Hier eine kurze Zusammenfassung der Volksabstimmungsgeschichte: Die ÖVP (unter der Alleinregierung Josef Klaus) beschließt die Errichtung des AKW. Unter der SPÖ (Bruno Kreisky) wird genau das umgesetzt – woraufhin die ÖVP umschwenkt. Sie ist zwar prinzipiell für die Kernkraft, aber jetzt gegen das Kraftwerk. Die FPÖ ist prinzipiell für direkte Demokratie, aber gegen die Volksabstimmung.

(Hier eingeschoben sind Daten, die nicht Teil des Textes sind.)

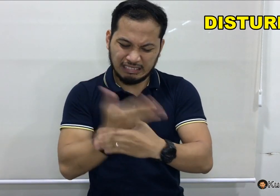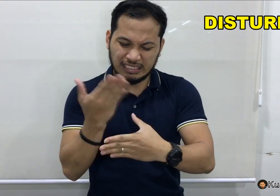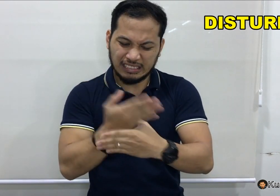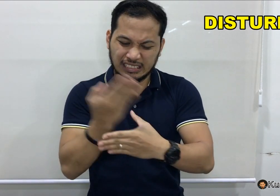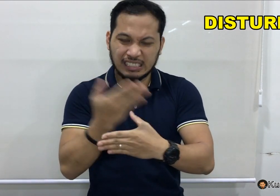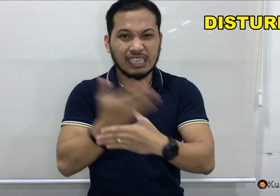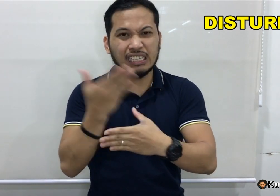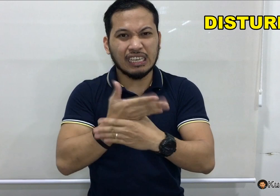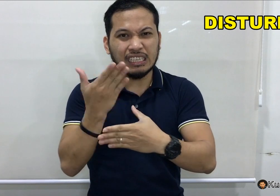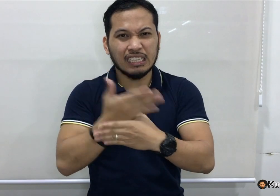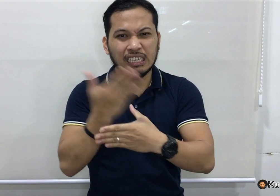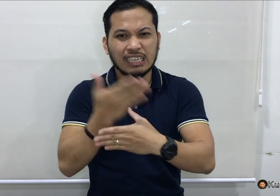Ayan.
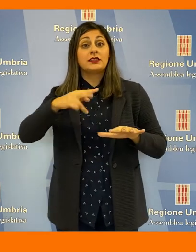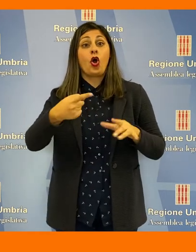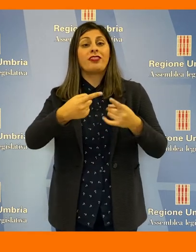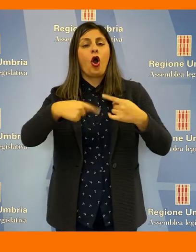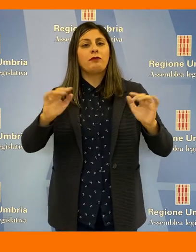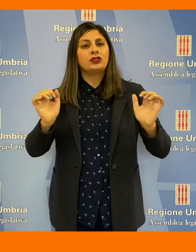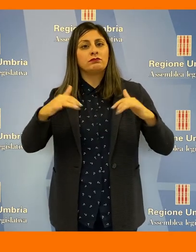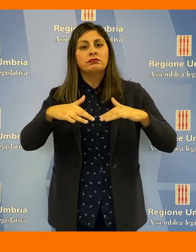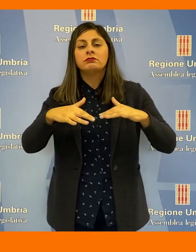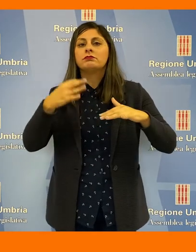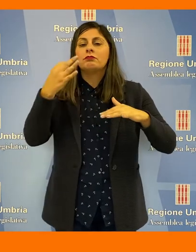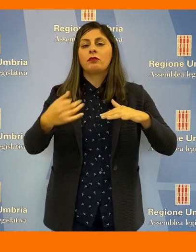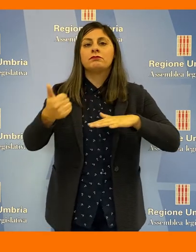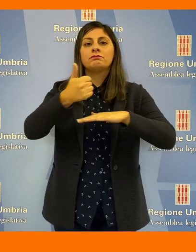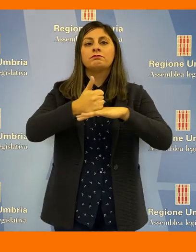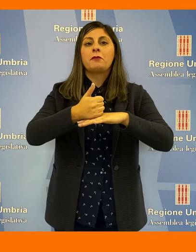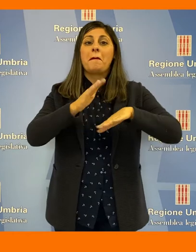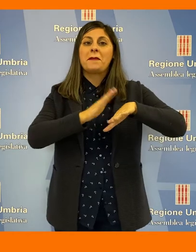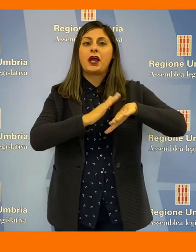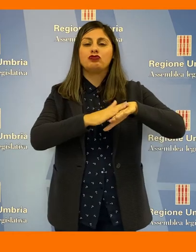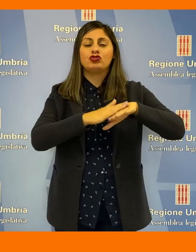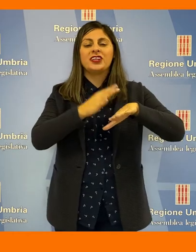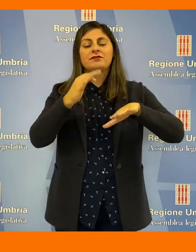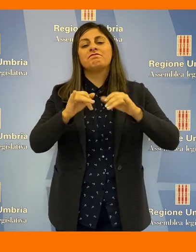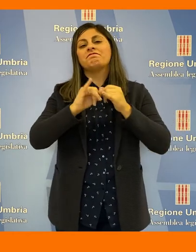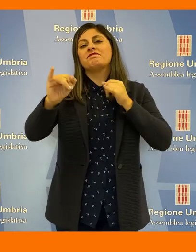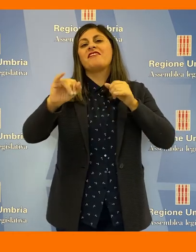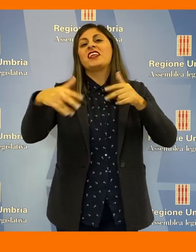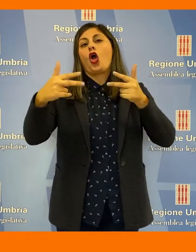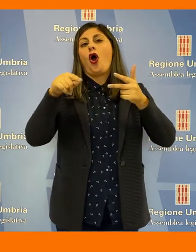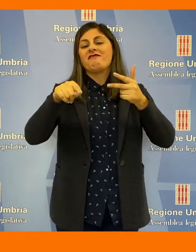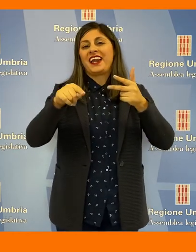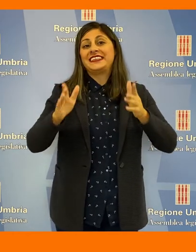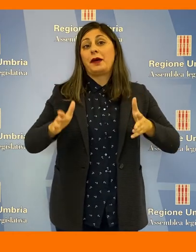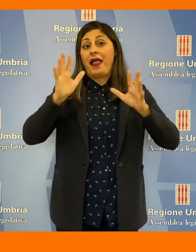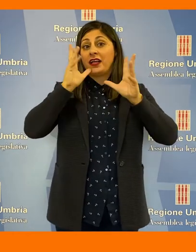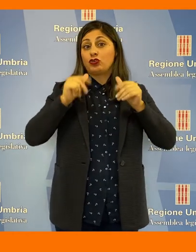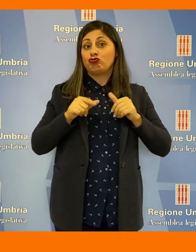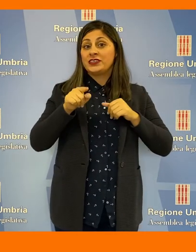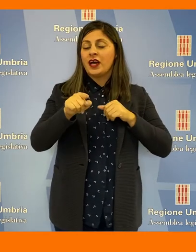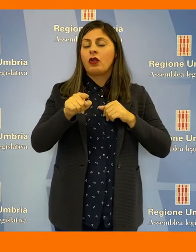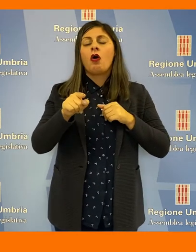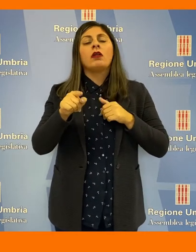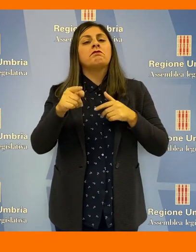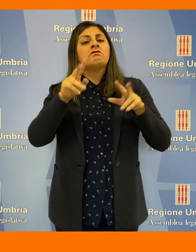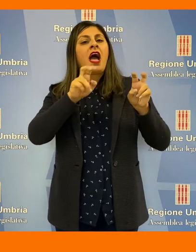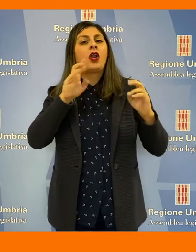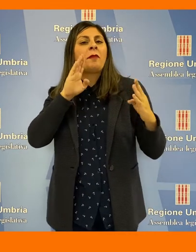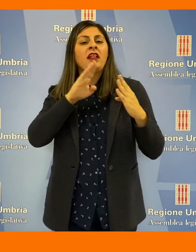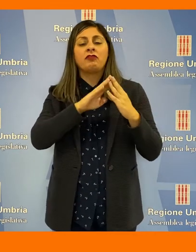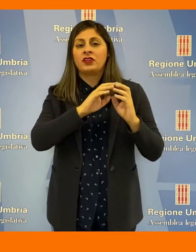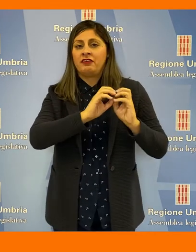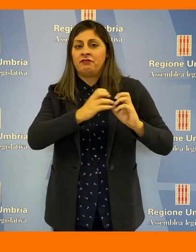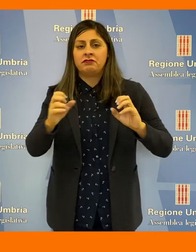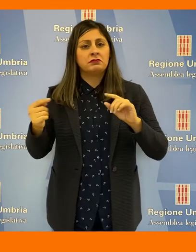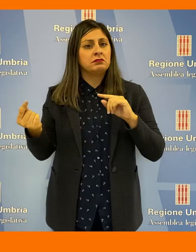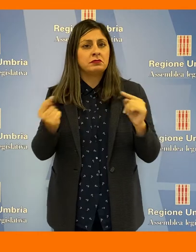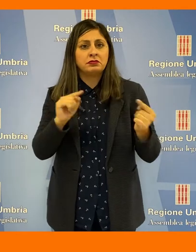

Kreisky hingegen ist prinzipiell gegen Volksabstimmungen, setzt jedoch eine an und verknüpft sie mit seiner Person („Wenn das AKW abgelehnt wird, trete ich zurück“).
Was bedeutet: Menschen, die Atomkraft super finden, stimmen gegen das AKW, um Kreisky loszuwerden. Gleichzeitig stimmen Menschen, die sich vor Atomkraft fürchten, für das AKW, um Kreisky zu behalten. Nach dem knappen „Nein“bricht Kreisky sein Rücktrittsversprechen – was mit einem fulminanten Sieg bei der nächsten Wahl belohnt wird. Muss man noch mehr wissen über direkte Demokratie in Österreich?
Gleichzeitig zeigen sich jedoch auch positive Seiten. Zwentendorf führt uns vor Augen, dass der Weg zur Erkenntnis nicht immer geradlinig verläuft, sondern auf Umwegen – und dass manche Umwege unerwartete Reize haben.
Zwar wird im AKW heute kein Atomstrom erzeugt, aber immerhin ein bisschen Solarstrom (wenn die Sonne scheint). Es dient als strahlungsfreies Testgelände für Expertenteams, die anderswo ausgediente AKWs abwracken müssen. Tauchroboter können hier üben, ebenso wie Sicherheitspersonal und Antiterroreinheiten. Es werden Filme gedreht – meistens handeln sie von der drohenden Auslöschung der Welt durch Bösewichte. Es gibt Grillfeste und Musikfestivals. Die Gendarmerie kann auf dem Gelände Katastrophenszenarien durchspielen. Und am nächsten Tag kommen Greenpeace-Aktivisten und lernen, wie man auf Schlote klettert und Transparente entrollt.
Zwentendorf zeigt, dass man durch Irrtum manchmal gescheiter wird. In diesem Sinn: Schauen Sie sich das an!